─── Supplied records ───
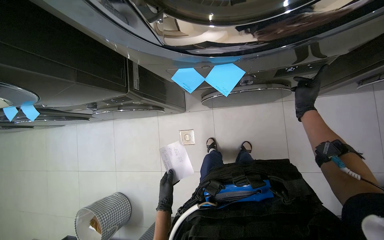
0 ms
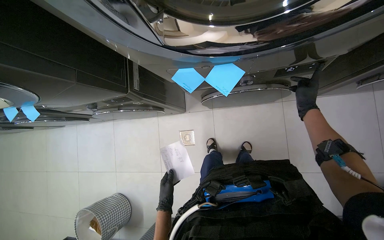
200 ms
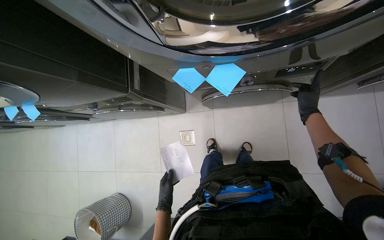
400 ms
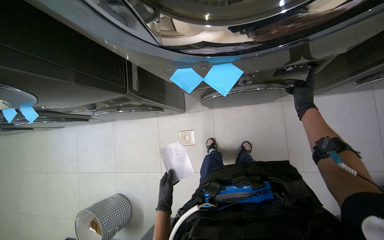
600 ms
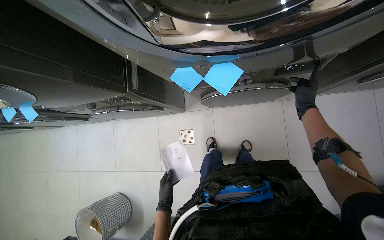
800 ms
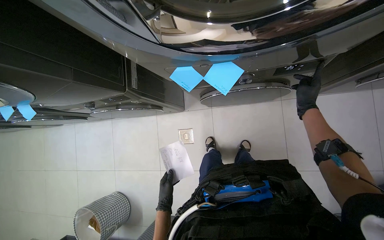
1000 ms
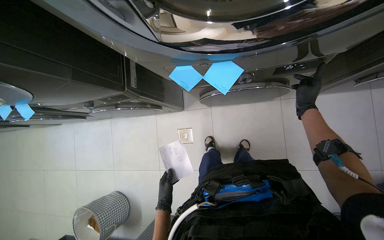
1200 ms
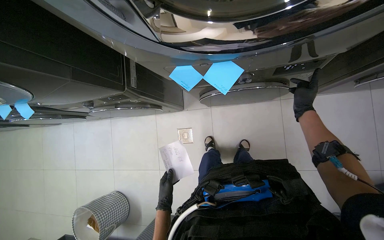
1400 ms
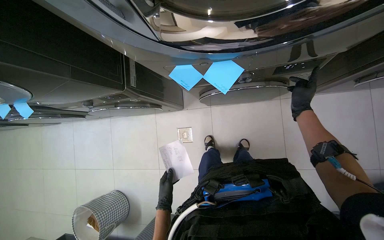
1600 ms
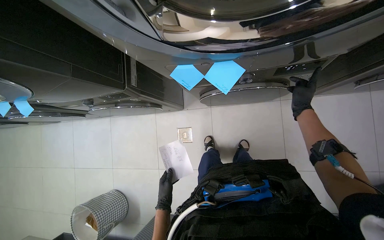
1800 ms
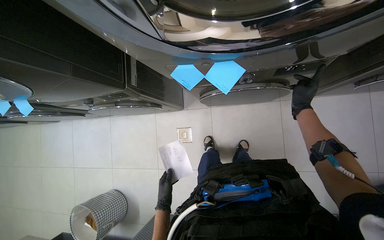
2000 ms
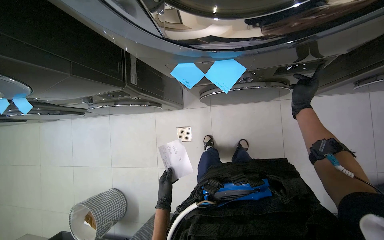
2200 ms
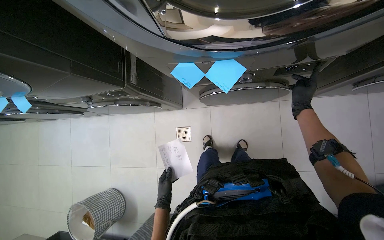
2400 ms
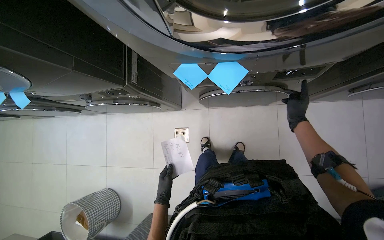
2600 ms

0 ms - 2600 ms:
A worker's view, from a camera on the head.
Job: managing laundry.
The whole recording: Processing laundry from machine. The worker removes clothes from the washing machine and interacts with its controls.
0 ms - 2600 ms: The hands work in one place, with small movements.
───
Print every entry exactly. Pictures are not part of the copy.

▸ Solution to the exercise:
0 ms
200 ms
400 ms
600 ms
800 ms
1000 ms
1200 ms
1400 ms
1600 ms
1800 ms
2000 ms
2200 ms
2400 ms
2600 ms

0 ms - 2600 ms:
A worker's view, from a camera on the head.
Job: managing laundry.
The whole recording: Processing laundry from machine. The worker removes clothes from the washing machine and interacts with its controls.
0 ms - 2600 ms: The hands work in one place, with small movements.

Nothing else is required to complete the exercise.